La question cruellement actuelle de la PMA sans père montre la puissance de ce mythe tenace dans la modernité puis la post-modernité. C’est la volonté d’un individu capricieux qui donne l’ordre du monde. La PMA sans père, stupidement revendiquée par les mouvements féministes et LGBTQI+, obéit à la logique libérale d’une conjonction entre l’offre et la demande. Si le « désir d’enfant » est avéré et cristallise une demande, si l’offre peut y répondre sur un plan médical et technologique, les considérations objectives sur l’équilibre familial, sur la psychologie future d’un enfant privé de la figure structurantes du père, sont balayées d’un revers de main. Le travail d’effacement de la figure paternelle se comprend à la lumière de cette prétention absolutisme de la volonté. Le père est le symbole du donné, de l’antériorité, il est la volonté structurante qui tranche et se substitue à la volonté individuelle de l’enfant avant son âge de raison puis sa majorité. Ecarter le père, c’est délégitimer l’héritage, l »antériorité, c’est permettre d’installer une société de créditeurs, donc une société intégrale de droits, une société structurée par la concurrence des volonté individuelles, capricieuses et souveraines.

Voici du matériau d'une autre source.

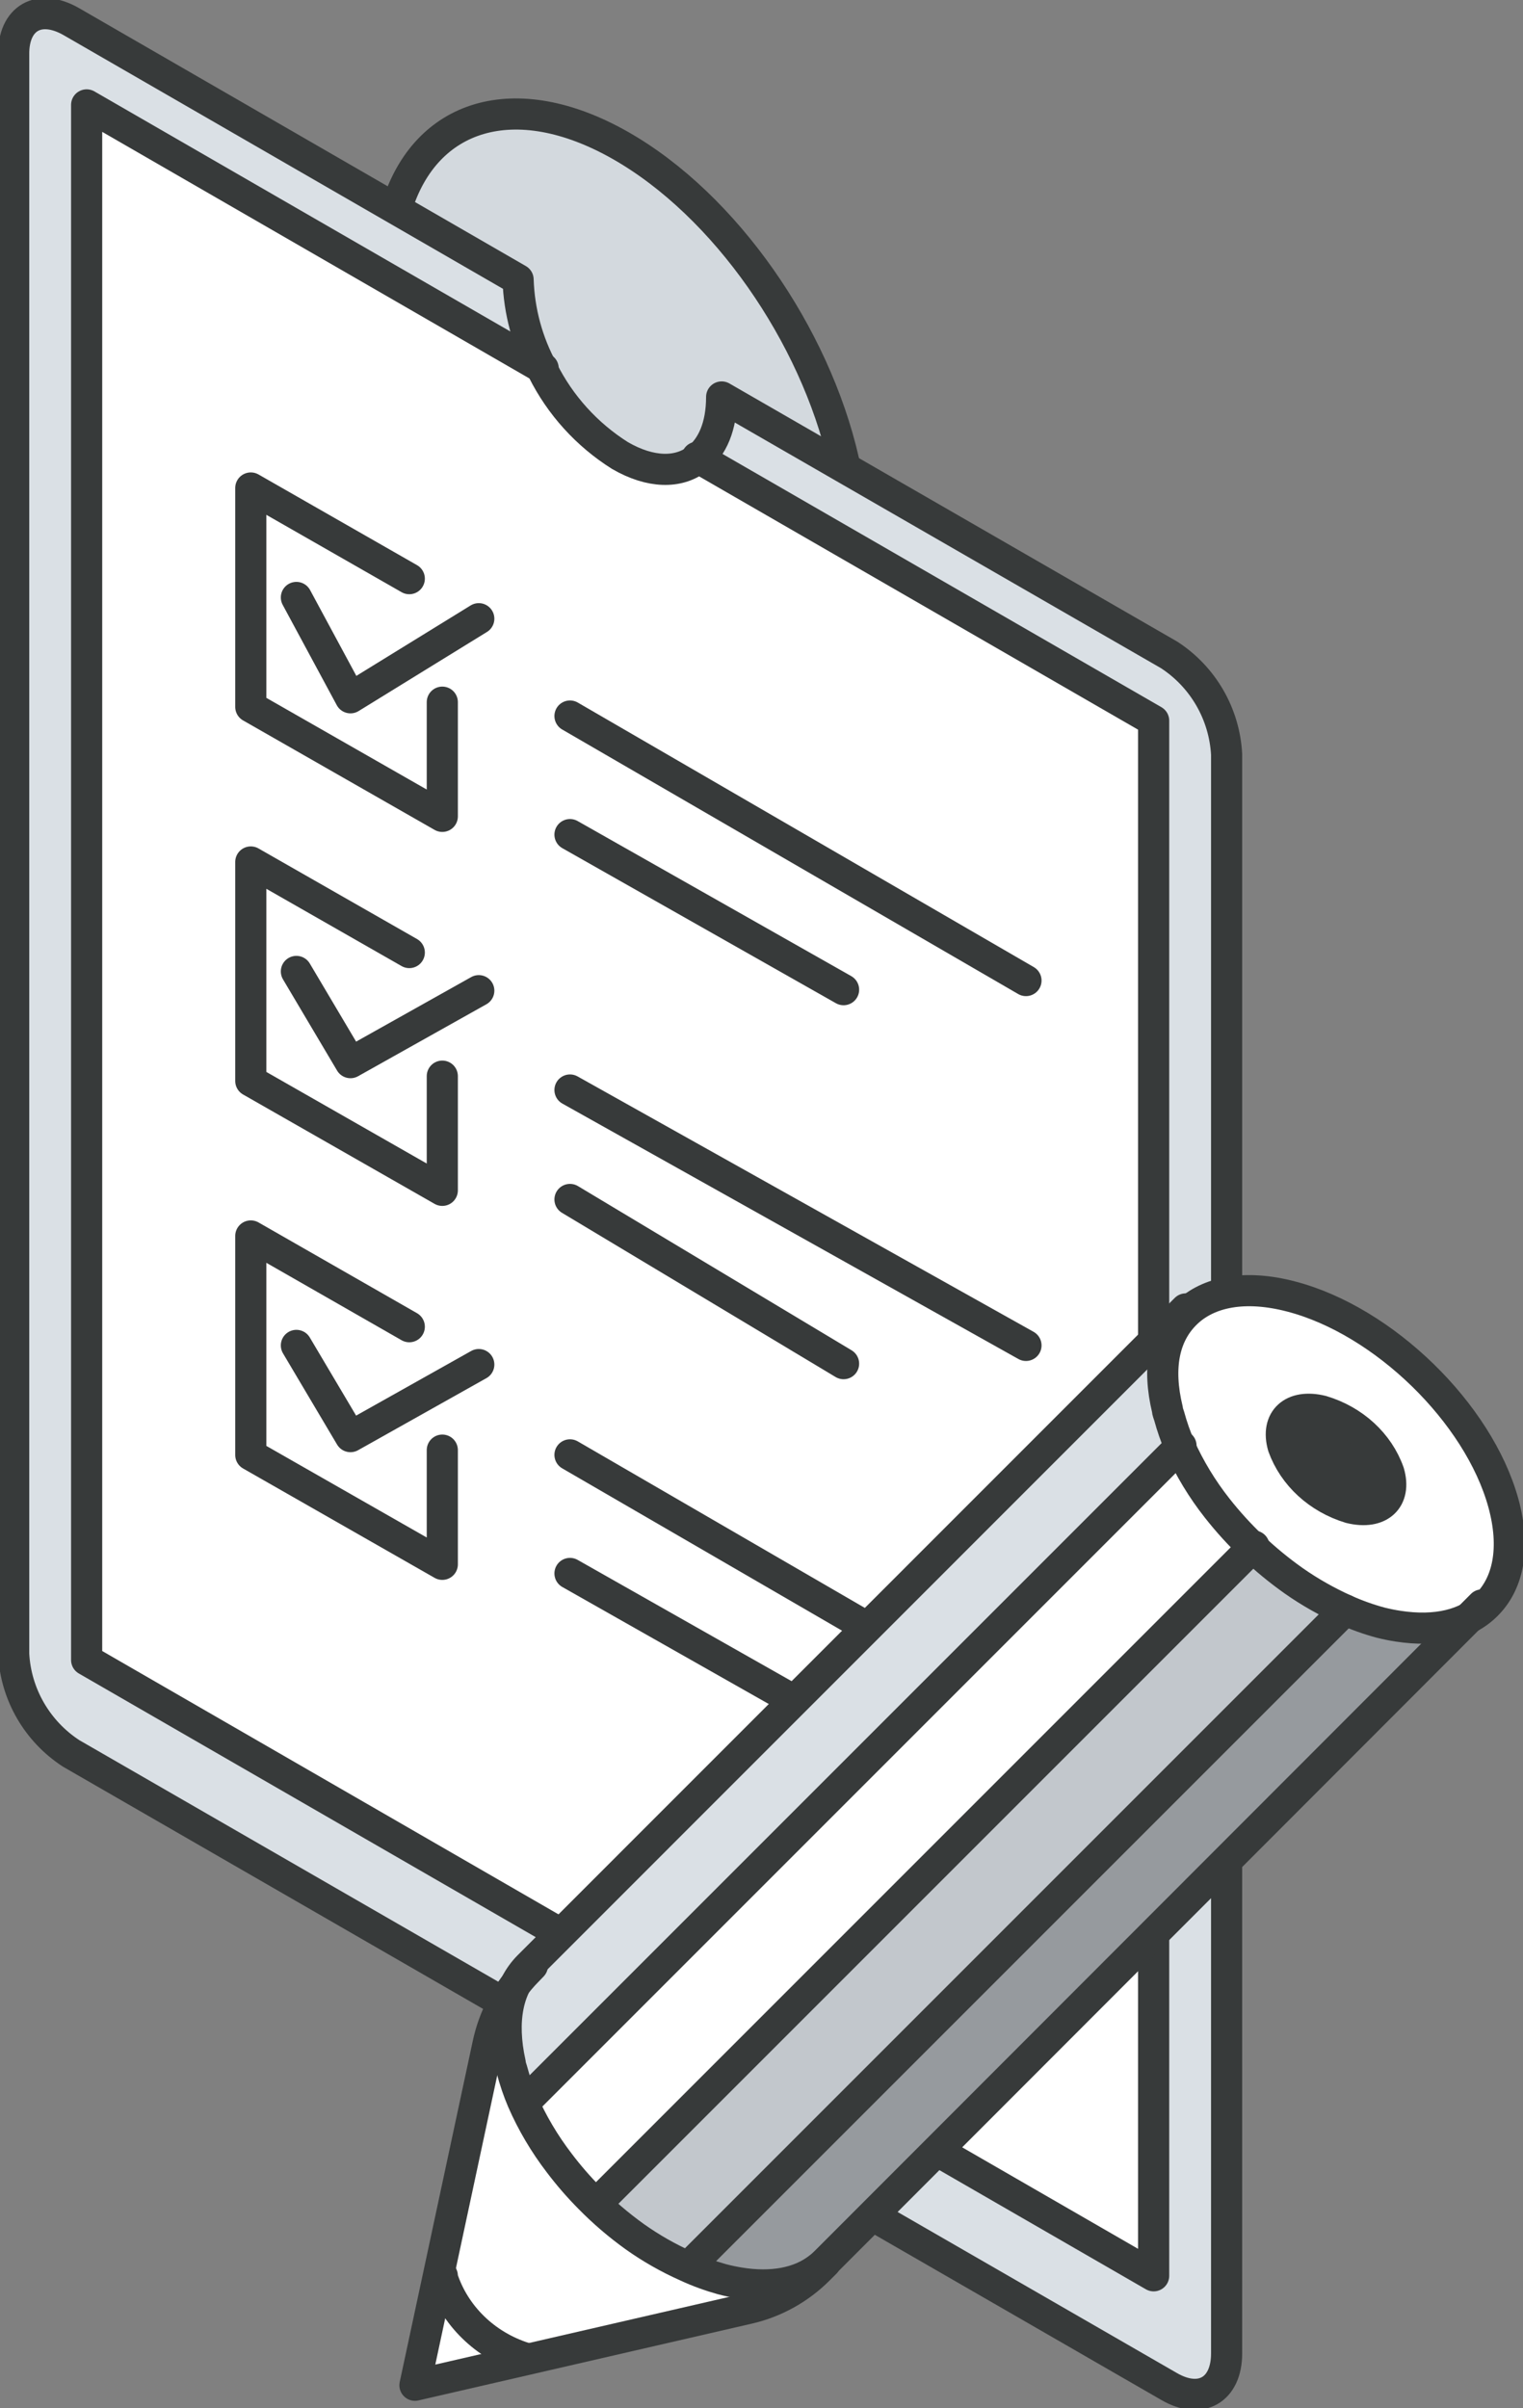 <svg overflow="hidden" xml:space="preserve" xmlns:xlink="http://www.w3.org/1999/xlink" xmlns="http://www.w3.org/2000/svg" height="264" width="167"><rect width="100%" height="100%" fill="#808080" stroke="none"/><g transform="translate(-3083 -1196)"><path fill-rule="evenodd" fill="#DAE0E5" d="M3217 1278.2 3217 1453.51C3217 1457.52 3214.17 1459.15 3210.7 1457.14L3090.3 1387.73C3086.58 1385.31 3084.23 1381.26 3084 1376.83L3084 1201.49C3083.95 1197.48 3086.77 1195.85 3090.3 1197.86L3139.31 1226.15C3139.42 1229.63 3140.34 1233.03 3142.01 1236.09L3091.83 1207.16 3091.83 1377.94 3209.12 1445.57 3209.12 1274.81 3158.93 1245.84C3160.61 1244.56 3161.63 1242.22 3161.63 1239.02L3210.7 1267.3C3214.42 1269.72 3216.76 1273.77 3217 1278.2Z"></path><path fill-rule="evenodd" fill="#FFFFFF" d="M3209 1274.54 3209 1445 3092 1377.49 3092 1207 3142.06 1235.88C3143.97 1239.7 3146.89 1242.93 3150.51 1245.21 3153.87 1247.16 3156.9 1247.17 3158.94 1245.61Z"></path><path fill-rule="evenodd" fill="#D3D9DE" d="M3175 1246.67 3161.67 1239.05C3161.67 1242.26 3160.65 1244.6 3158.96 1245.88 3156.92 1247.44 3153.88 1247.43 3150.5 1245.48 3146.87 1243.19 3143.93 1239.96 3142.03 1236.12 3140.35 1233.06 3139.42 1229.65 3139.32 1226.17L3126 1218.42C3129.13 1208.03 3138.91 1204.81 3150.5 1211.5 3162.09 1218.18 3171.85 1232.68 3175 1246.67Z"></path><path fill-rule="evenodd" fill="none" stroke-miterlimit="10" stroke-linejoin="round" stroke-linecap="round" stroke-width="3.414" stroke="#373A3A" d="M3159.44 1246.13 3209.5 1275.01 3209.5 1445.5 3092.5 1377.99 3092.5 1207.5 3142.56 1236.39"></path><path fill-rule="evenodd" fill="none" stroke-miterlimit="10" stroke-linejoin="round" stroke-linecap="round" stroke-width="3.414" stroke="#373A3A" d="M3131.5 1272.98 3131.5 1285.5 3110.5 1273.5 3110.5 1249.5 3127.88 1259.44"></path><path fill-rule="evenodd" fill="none" stroke-miterlimit="10" stroke-linejoin="round" stroke-linecap="round" stroke-width="3.414" stroke="#373A3A" d="M3115.5 1261.5 3121.43 1272.5 3135.5 1263.83"></path><path fill-rule="evenodd" fill="none" stroke-miterlimit="10" stroke-linejoin="round" stroke-linecap="round" stroke-width="3.414" stroke="#373A3A" d="M3145.5 1274.5 3195.5 1303.5"></path><path fill-rule="evenodd" fill="none" stroke-miterlimit="10" stroke-linejoin="round" stroke-linecap="round" stroke-width="3.414" stroke="#373A3A" d="M3145.5 1287.5 3175.5 1304.5"></path><path fill-rule="evenodd" fill="none" stroke-miterlimit="10" stroke-linejoin="round" stroke-linecap="round" stroke-width="3.414" stroke="#373A3A" d="M3131.5 1313.98 3131.5 1326.5 3110.5 1314.51 3110.5 1290.5 3127.88 1300.43"></path><path fill-rule="evenodd" fill="none" stroke-miterlimit="10" stroke-linejoin="round" stroke-linecap="round" stroke-width="3.414" stroke="#373A3A" d="M3115.5 1302.5 3121.43 1312.5 3135.5 1304.61"></path><path fill-rule="evenodd" fill="none" stroke-miterlimit="10" stroke-linejoin="round" stroke-linecap="round" stroke-width="3.414" stroke="#373A3A" d="M3145.5 1315.5 3195.5 1343.5"></path><path fill-rule="evenodd" fill="none" stroke-miterlimit="10" stroke-linejoin="round" stroke-linecap="round" stroke-width="3.414" stroke="#373A3A" d="M3145.5 1327.5 3175.5 1345.5"></path><path fill-rule="evenodd" fill="none" stroke-miterlimit="10" stroke-linejoin="round" stroke-linecap="round" stroke-width="3.414" stroke="#373A3A" d="M3131.5 1354.98 3131.5 1367.5 3110.5 1355.51 3110.5 1331.5 3127.88 1341.45"></path><path fill-rule="evenodd" fill="none" stroke-miterlimit="10" stroke-linejoin="round" stroke-linecap="round" stroke-width="3.414" stroke="#373A3A" d="M3115.5 1343.5 3121.43 1353.5 3135.5 1345.6"></path><path fill-rule="evenodd" fill="none" stroke-miterlimit="10" stroke-linejoin="round" stroke-linecap="round" stroke-width="3.414" stroke="#373A3A" d="M3145.5 1355.5 3195.5 1384.5"></path><path fill-rule="evenodd" fill="none" stroke-miterlimit="10" stroke-linejoin="round" stroke-linecap="round" stroke-width="3.414" stroke="#373A3A" d="M3145.5 1368.5 3175.5 1385.5"></path><path fill-rule="evenodd" fill="none" stroke-miterlimit="10" stroke-linejoin="round" stroke-linecap="round" stroke-width="3.414" stroke="#373A3A" d="M3175.5 1246.5C3172.36 1232.76 3162.57 1218.5 3151 1211.93 3139.43 1205.37 3129.63 1208.53 3126.5 1218.74"></path><path fill-rule="evenodd" fill="none" stroke-miterlimit="10" stroke-linejoin="round" stroke-linecap="round" stroke-width="3.414" stroke="#373A3A" d="M3126.51 1218.97 3139.81 1226.65C3139.92 1230.13 3140.84 1233.53 3142.51 1236.59 3144.42 1240.42 3147.35 1243.65 3150.98 1245.94 3154.35 1247.89 3157.38 1247.89 3159.43 1246.34 3161.11 1245.05 3162.13 1242.72 3162.13 1239.52L3211.2 1267.8C3214.92 1270.22 3217.26 1274.27 3217.5 1278.7L3217.5 1454.01C3217.5 1458.02 3214.67 1459.65 3211.2 1457.64L3090.8 1388.23C3087.08 1385.81 3084.73 1381.76 3084.5 1377.33L3084.5 1201.99C3084.45 1197.98 3087.27 1196.35 3090.8 1198.36Z"></path><path fill-rule="evenodd" fill="#FFFFFF" d="M3140 1454.38 3128 1457 3130.69 1445C3130.69 1445.08 3130.69 1445.16 3130.69 1445.23 3132.08 1449.55 3135.55 1452.96 3140 1454.38Z"></path><path fill-rule="evenodd" fill="#969A9E" d="M3158 1443.97 3229.8 1372.49C3231.04 1373.07 3232.33 1373.54 3233.66 1373.9 3234.29 1374.06 3234.92 1374.2 3235.51 1374.29 3239.64 1374.94 3242.92 1374.11 3245 1372L3173.14 1443.52C3172.9 1443.75 3172.65 1443.97 3172.38 1444.17 3170.32 1445.79 3167.29 1446.37 3163.65 1445.77 3163.06 1445.67 3162.43 1445.54 3161.8 1445.38 3160.49 1445.01 3159.22 1444.54 3158 1443.97Z"></path><path fill-rule="evenodd" fill="#FFFFFF" d="M3140 1426.31 3212.58 1354C3213.65 1356.44 3215.02 1358.74 3216.64 1360.85 3217.67 1362.2 3218.8 1363.48 3220 1364.69L3147.42 1437C3146.24 1435.79 3145.14 1434.51 3144.13 1433.15 3142.48 1431.05 3141.09 1428.75 3140 1426.31Z"></path><path fill-rule="evenodd" fill="#FFFFFF" d="M3158.53 1443.91C3159.77 1444.49 3161.07 1444.96 3162.39 1445.32 3163.02 1445.49 3163.66 1445.62 3164.25 1445.72 3167.9 1446.33 3170.92 1445.72 3173 1444.11 3170.85 1446.23 3168.14 1447.71 3165.19 1448.38L3140.16 1454C3135.78 1452.54 3132.37 1449.06 3131 1444.66 3131 1444.59 3131 1444.51 3131 1444.43L3136.37 1419.64C3137.01 1416.58 3138.53 1413.78 3140.74 1411.58L3141.31 1411C3139 1413.3 3138.24 1416.98 3139.27 1421.64 3139.27 1421.88 3139.38 1422.11 3139.45 1422.36 3139.76 1423.52 3140.14 1424.65 3140.61 1425.75 3141.67 1428.17 3143.03 1430.46 3144.64 1432.56 3145.66 1433.9 3146.77 1435.18 3147.96 1436.38 3149.5 1437.93 3151.15 1439.35 3152.92 1440.62 3154.68 1441.9 3156.55 1443 3158.53 1443.91Z"></path><path fill-rule="evenodd" fill="#C2C7CC" d="M3230 1372.44 3158.46 1444C3156.52 1443.11 3154.66 1442.03 3152.93 1440.78 3151.17 1439.51 3149.52 1438.1 3148 1436.56L3219.61 1365C3221.13 1366.54 3222.77 1367.95 3224.53 1369.22 3226.24 1370.47 3228.07 1371.55 3230 1372.44Z"></path><path fill-rule="evenodd" fill="#373A3A" d="M3234.79 1356.92C3235.66 1359.85 3233.76 1361.6 3230.54 1360.81 3227.07 1359.76 3224.35 1357.26 3223.2 1354.08 3222.35 1351.14 3224.25 1349.4 3227.45 1350.19 3230.93 1351.23 3233.66 1353.73 3234.79 1356.92Z"></path><path fill-rule="evenodd" fill="#FFFFFF" d="M3245.44 1371.52C3243.32 1373.58 3239.99 1374.42 3235.79 1373.8 3235.19 1373.71 3234.55 1373.57 3233.9 1373.41 3232.56 1373.06 3231.24 1372.59 3229.98 1372.01 3228 1371.13 3226.11 1370.06 3224.34 1368.8 3222.55 1367.54 3220.88 1366.14 3219.33 1364.6 3218.11 1363.41 3216.99 1362.15 3215.94 1360.81 3214.31 1358.73 3212.94 1356.47 3211.86 1354.07 3211.39 1352.98 3211 1351.86 3210.69 1350.71 3210.62 1350.47 3210.56 1350.22 3210.5 1349.99 3209.33 1345.43 3210.27 1341.71 3212.59 1339.46 3214.9 1337.21 3219.04 1336.29 3224.12 1337.61 3234.25 1340.26 3244.67 1350.42 3247.38 1360.31 3248.69 1365.22 3247.87 1369.14 3245.44 1371.52ZM3230.5 1360.98C3233.63 1361.81 3235.48 1359.99 3234.64 1356.94 3233.53 1353.63 3230.87 1351.04 3227.48 1349.96 3224.36 1349.14 3222.51 1350.94 3223.34 1354 3224.46 1357.3 3227.11 1359.89 3230.5 1360.98Z"></path><path fill-rule="evenodd" fill="#DAE0E5" d="M3138.44 1421.87C3137.41 1417.24 3138.21 1413.47 3140.5 1411.2L3213 1339C3210.68 1341.31 3209.82 1345.01 3210.93 1349.68 3210.93 1349.91 3211.05 1350.16 3211.12 1350.4 3211.42 1351.56 3211.81 1352.7 3212.28 1353.8L3139.83 1426C3139.36 1424.89 3138.97 1423.76 3138.67 1422.6 3138.56 1422.34 3138.49 1422.11 3138.44 1421.87Z"></path><path fill-rule="evenodd" fill="none" stroke-miterlimit="10" stroke-linejoin="round" stroke-linecap="round" stroke-width="3.414" stroke="#373A3A" d="M3211.01 1350.53C3211.01 1350.75 3211.13 1351.01 3211.2 1351.24 3211.51 1352.38 3211.9 1353.5 3212.37 1354.59 3213.45 1356.99 3214.82 1359.25 3216.45 1361.32 3218.84 1364.36 3221.67 1367.05 3224.85 1369.3 3226.62 1370.54 3228.51 1371.61 3230.49 1372.5 3231.76 1373.07 3233.07 1373.54 3234.41 1373.9 3235.06 1374.06 3235.7 1374.19 3236.3 1374.28 3240.5 1374.93 3243.83 1374.1 3245.95 1372.01 3248.39 1369.64 3249.2 1365.72 3247.85 1360.79 3245.13 1350.91 3234.72 1340.78 3224.58 1338.14 3219.51 1336.81 3215.48 1337.61 3213.05 1339.98 3210.61 1342.35 3209.9 1345.94 3211.01 1350.53Z"></path><path fill-rule="evenodd" fill="none" stroke-miterlimit="10" stroke-linejoin="round" stroke-linecap="round" stroke-width="3.414" stroke="#373A3A" d="M3235.29 1357.42C3234.16 1354.23 3231.43 1351.73 3227.95 1350.69 3224.75 1349.9 3222.85 1351.64 3223.7 1354.58 3224.85 1357.76 3227.57 1360.26 3231.04 1361.31 3234.26 1362.1 3236.15 1360.35 3235.29 1357.42Z"></path><path fill-rule="evenodd" fill="none" stroke-miterlimit="10" stroke-linejoin="round" stroke-linecap="round" stroke-width="3.414" stroke="#373A3A" d="M3131.5 1445.5C3131.5 1445.58 3131.5 1445.65 3131.5 1445.72 3132.84 1449.86 3136.19 1453.13 3140.5 1454.5"></path><path fill-rule="evenodd" fill="none" stroke-miterlimit="10" stroke-linejoin="round" stroke-linecap="round" stroke-width="3.414" stroke="#373A3A" d="M3213.02 1339.5 3140.99 1411.54C3138.68 1413.85 3137.92 1417.53 3138.95 1422.19 3138.95 1422.43 3139.06 1422.67 3139.13 1422.92 3139.44 1424.08 3139.82 1425.21 3140.29 1426.31 3141.35 1428.74 3142.71 1431.03 3144.32 1433.13 3145.34 1434.48 3146.45 1435.76 3147.64 1436.96 3149.17 1438.52 3150.83 1439.94 3152.6 1441.21 3154.39 1442.48 3156.29 1443.56 3158.29 1444.45 3159.53 1445.03 3160.83 1445.5 3162.15 1445.87 3162.78 1446.04 3163.42 1446.17 3164.01 1446.27 3167.66 1446.88 3170.69 1446.27 3172.76 1444.66 3173.03 1444.46 3173.28 1444.24 3173.52 1444L3245.5 1371.95"></path><path fill-rule="evenodd" fill="none" stroke-miterlimit="10" stroke-linejoin="round" stroke-linecap="round" stroke-width="3.414" stroke="#373A3A" d="M3141.38 1411.5 3140.82 1412.08C3138.63 1414.3 3137.13 1417.12 3136.49 1420.2L3128.5 1457.5 3165.06 1449.08C3167.98 1448.41 3170.66 1446.92 3172.79 1444.78L3173.5 1444.07"></path><path fill-rule="evenodd" fill="none" stroke-miterlimit="10" stroke-linejoin="round" stroke-linecap="round" stroke-width="3.414" stroke="#373A3A" d="M3212.5 1354.5 3140.5 1426.5"></path><path fill-rule="evenodd" fill="none" stroke-miterlimit="10" stroke-linejoin="round" stroke-linecap="round" stroke-width="3.414" stroke="#373A3A" d="M3220.5 1365.5 3148.5 1437.5"></path><path fill-rule="evenodd" fill="none" stroke-miterlimit="10" stroke-linejoin="round" stroke-linecap="round" stroke-width="3.414" stroke="#373A3A" d="M3230.5 1372.5 3158.5 1444.5"></path></g></svg>

Cette tyrannie de la volonté explique l’artificialisation croissante du monde. Le rapport entre l’homme et la nature est pensé en termes de conflit, de rapport de force. Réaliser son humanité, selon l’idéal des Lumières, c’est s’affranchir de la nature par la volonté individuelle : l’industrialisation, le productivisme échevelé, la bétonnisation généralisée, l’artificialisation du corps humain à travers les tatouages et l’homme augmenté révèlent cette rébellion ontologique de la volonté humaine contre la nature, contre ce qui est donné, alors que l’homme est biberonné au culte de l’acquis. L’existentialisme est le point d’aboutissement de cette tyrannie de la volonté : « l’existence précède l’essence » ; « on ne naît pas femme, on le devient ». On est encore aujourd’hui prisonnier de ce schéma de pensée délétère dans la mesure où la nature est pensée comme postérieure à la volonté, au mépris du simple bon sens et de la réalité objective la plus élémentaire.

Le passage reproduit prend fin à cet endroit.